-Re: why not hadoop backup name node data to local disk daily or hourly?
Harsh J 2012-12-20, 10:06
On Thu, Dec 20, 2012 at 3:18 PM, 周梦想 <[EMAIL PROTECTED]> wrote:
> Some reasons lead to my name node data error, but the error data also
> overwrite the second name node data, also the NFS backup. I want to recover
> the name node data a day ago or even a week ago,but I can't.
The SecondaryNameNode does this, and that is also why it is
recommended to run. In HA HDFS, the StandbyNameNode does the same
action of checkpoints as SecondaryNameNode, to achieve the same
This form of corruption at the SNN too should *never* occur normally,
and your SNN last-checkpoint-time should be actively monitored to not
grow too old (a sign of issues). Your version of Hadoop probably is
still affected by https://issues.apache.org/jira/browse/HDFS-3652 and
you should update to avoid loss due to it?
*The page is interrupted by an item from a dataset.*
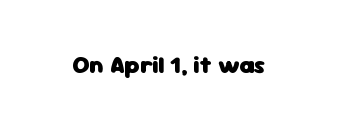
{"italic": "no", "bold": "yes", "underline": "no", "letter_spacing": "normal", "letter_spacing_em": 0.0, "glyph_px": 24}

Also, if you ever suspect a local copy of NN to be bad, save its
namespace (hadoop dfsadmin -saveNamespace, requires NN be put in
safemode first) before you bring it down - this saves a copy from the
memory onto the disk.
> I have to back
> up name node data manually or write a bash script to backup it? why hadoop
> does not give a configure to backup name node data to local disk daily or
> hourly with different time stamp name?
If the NN's disk itself is corrupt, backing it up would be no good
either, so this solution vs. SNN still doesn't solve anything of your
> The same question is to HBase's .META. and -ROOT- table. I think it's
> history storage is more important 100 times than the log history.
The HBase .META. and -ROOT- are already on HDFS, so are pretty
reliable (with HBase's WAL and 3x replication of blocks).
> I think it could be implemented in Second Name Node/Check Points Node or
> Back Node. Now I do this just using bash script.
I don't think using a bash script to backup the metadata is a better
solution than relying on the SecondaryNameNode. Two reasons: It does
the same form of a copy-backup (no validation like SNN does), and it
does not checkpoint (i.e. merge the edits into the fsimage).